I have a matrix $M$, where $M$ = $\begin{bmatrix}a & b\\c & d\end{bmatrix}$. It is known that $M$ is symmetric and positive definite. Also, it is known that $x^TMy$ is a valid dot product in $R^2$. I know that to characterize $M$ by its eigenvectors, it can be shown as $Mv_i$ = λ$v_i$.
I was told in my class that based on this context, we can also gather the following information regarding the eigenvalues of this matrix:
$a - c = λ_1$ , $c - d = -λ_1$ , $a + c = λ_2$ and $c + d= λ_2$.

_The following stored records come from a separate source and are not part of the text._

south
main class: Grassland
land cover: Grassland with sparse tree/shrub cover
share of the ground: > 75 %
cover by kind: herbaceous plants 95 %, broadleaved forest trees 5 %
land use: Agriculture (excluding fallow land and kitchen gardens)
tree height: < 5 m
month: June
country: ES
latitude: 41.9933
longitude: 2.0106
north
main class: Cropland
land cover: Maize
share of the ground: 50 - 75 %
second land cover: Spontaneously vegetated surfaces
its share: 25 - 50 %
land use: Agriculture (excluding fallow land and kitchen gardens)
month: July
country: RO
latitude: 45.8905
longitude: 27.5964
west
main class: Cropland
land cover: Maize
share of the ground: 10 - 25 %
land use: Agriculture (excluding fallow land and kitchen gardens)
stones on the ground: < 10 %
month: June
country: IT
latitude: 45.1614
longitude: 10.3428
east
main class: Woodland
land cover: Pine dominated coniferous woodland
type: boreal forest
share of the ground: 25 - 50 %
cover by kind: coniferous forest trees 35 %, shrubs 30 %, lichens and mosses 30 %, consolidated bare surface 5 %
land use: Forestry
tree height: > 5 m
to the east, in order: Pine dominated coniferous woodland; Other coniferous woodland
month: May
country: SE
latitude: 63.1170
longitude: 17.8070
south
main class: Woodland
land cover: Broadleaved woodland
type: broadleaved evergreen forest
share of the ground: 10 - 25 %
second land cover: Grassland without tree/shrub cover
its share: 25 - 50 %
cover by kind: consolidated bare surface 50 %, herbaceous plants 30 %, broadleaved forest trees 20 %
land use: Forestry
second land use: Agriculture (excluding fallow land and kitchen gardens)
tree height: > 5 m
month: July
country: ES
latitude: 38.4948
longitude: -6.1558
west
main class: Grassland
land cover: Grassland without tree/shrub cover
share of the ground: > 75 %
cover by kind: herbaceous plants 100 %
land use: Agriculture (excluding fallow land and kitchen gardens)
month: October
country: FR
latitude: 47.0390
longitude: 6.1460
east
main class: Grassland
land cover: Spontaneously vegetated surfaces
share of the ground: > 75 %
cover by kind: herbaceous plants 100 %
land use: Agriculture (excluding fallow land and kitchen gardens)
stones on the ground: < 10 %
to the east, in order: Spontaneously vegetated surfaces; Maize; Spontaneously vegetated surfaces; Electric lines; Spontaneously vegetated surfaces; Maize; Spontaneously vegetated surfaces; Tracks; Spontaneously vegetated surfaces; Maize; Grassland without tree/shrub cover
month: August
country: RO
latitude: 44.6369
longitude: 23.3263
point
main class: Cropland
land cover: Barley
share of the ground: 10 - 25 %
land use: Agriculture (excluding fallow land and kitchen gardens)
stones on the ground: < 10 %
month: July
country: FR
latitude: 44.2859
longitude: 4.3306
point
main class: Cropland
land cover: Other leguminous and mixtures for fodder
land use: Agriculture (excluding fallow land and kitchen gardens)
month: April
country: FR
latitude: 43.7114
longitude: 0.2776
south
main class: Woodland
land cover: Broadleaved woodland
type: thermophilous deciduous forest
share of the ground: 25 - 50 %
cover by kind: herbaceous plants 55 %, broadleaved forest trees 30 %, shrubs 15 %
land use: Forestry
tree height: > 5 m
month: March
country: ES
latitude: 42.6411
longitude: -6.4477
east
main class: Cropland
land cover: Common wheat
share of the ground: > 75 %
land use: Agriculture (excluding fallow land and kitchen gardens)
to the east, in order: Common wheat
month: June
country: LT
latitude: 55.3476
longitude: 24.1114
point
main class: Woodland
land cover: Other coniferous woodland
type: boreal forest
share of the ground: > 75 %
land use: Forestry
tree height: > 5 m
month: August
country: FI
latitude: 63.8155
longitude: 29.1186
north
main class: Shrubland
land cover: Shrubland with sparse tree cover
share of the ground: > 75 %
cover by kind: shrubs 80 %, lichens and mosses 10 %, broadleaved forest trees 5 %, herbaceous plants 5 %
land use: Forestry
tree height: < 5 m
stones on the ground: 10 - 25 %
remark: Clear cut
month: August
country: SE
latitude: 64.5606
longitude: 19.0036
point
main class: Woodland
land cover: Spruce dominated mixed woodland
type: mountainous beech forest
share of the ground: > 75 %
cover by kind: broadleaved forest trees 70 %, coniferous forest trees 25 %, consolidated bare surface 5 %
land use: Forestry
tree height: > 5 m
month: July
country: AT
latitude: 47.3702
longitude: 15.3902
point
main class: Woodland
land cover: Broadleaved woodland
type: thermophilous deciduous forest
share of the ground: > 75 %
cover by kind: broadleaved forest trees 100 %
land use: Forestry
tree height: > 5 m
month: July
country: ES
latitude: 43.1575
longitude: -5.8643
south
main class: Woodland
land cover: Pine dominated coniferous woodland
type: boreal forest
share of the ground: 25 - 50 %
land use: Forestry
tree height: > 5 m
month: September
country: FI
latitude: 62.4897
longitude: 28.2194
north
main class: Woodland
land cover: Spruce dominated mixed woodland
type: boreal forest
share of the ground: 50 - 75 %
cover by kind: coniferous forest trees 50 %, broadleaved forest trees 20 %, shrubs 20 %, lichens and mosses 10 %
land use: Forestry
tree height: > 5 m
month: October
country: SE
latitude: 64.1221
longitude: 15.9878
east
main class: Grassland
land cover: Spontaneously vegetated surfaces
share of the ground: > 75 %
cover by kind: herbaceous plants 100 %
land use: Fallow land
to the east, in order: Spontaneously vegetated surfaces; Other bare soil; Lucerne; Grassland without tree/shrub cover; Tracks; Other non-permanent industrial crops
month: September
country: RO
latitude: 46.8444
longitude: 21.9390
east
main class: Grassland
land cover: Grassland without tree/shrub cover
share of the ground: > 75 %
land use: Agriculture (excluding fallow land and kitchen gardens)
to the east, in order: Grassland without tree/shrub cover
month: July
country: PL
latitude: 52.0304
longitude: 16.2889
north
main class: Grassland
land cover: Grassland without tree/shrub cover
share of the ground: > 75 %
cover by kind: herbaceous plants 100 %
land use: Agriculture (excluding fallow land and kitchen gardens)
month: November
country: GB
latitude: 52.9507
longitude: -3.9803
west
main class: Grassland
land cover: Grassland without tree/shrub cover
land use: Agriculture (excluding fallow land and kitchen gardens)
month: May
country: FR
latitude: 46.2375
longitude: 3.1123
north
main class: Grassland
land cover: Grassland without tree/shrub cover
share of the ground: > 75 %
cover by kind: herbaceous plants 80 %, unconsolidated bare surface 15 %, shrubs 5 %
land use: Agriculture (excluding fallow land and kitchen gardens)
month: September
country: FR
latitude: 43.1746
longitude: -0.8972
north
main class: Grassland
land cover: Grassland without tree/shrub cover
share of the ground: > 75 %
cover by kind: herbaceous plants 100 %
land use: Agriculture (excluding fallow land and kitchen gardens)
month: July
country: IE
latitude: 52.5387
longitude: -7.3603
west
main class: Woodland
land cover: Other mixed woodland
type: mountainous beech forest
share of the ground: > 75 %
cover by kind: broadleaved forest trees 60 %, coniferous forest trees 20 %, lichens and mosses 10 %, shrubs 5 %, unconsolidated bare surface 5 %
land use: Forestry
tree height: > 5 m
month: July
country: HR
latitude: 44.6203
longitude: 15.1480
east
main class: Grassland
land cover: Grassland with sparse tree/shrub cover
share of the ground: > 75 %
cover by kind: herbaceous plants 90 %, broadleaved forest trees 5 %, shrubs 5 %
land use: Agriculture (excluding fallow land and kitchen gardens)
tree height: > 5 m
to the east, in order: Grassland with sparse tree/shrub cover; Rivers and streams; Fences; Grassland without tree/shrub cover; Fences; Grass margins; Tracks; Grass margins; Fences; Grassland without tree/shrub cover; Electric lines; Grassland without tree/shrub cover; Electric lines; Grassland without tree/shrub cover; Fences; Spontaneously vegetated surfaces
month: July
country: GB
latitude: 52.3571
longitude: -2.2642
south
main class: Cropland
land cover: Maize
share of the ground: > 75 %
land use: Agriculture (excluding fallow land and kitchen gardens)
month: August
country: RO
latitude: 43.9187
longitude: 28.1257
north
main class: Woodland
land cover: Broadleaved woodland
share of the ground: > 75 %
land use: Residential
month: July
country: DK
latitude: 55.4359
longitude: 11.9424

Why is this true? Is this always the case?
Let $M=\begin{bmatrix} a & c \\ c & d\end{bmatrix}$ be a symmetric matrix. The eigenvalues of this matrix are given by $$(a-\lambda)(d-\lambda)-c^2=0$$ $$\lambda^2-(a+d)\lambda +ad-c^2$$ Using the quadratic formula we obtain $$\frac{(a+d)\pm \sqrt{(a+d)^2-4(ad-c^2)}}{2}$$ $$\frac{(a+d)\pm \sqrt{a^2+d^2-2ad+4c^2}}{2}$$ Note that for the symmetric and positive definite matrix $M=\begin{bmatrix}2 & 1 \\ 2 & 3 \end{bmatrix}$ the quadratic formula will give us two irrational values, while the stated formula only gives whole values. So the stated formulae are not true in general but in just a few cases.
Case 1: $c=0$ $$\frac{(a+d)\pm \sqrt{a^2+d^2-2ad}}{2}$$ $$\frac{(a+d)\pm (a-d)}{2}$$ $$\lambda = a,d$$
Case 2: $a=d$ $$\frac{2a\pm \sqrt{4c^2}}{2}$$ $$a\pm c$$ $$\lambda = a-c, a+c$$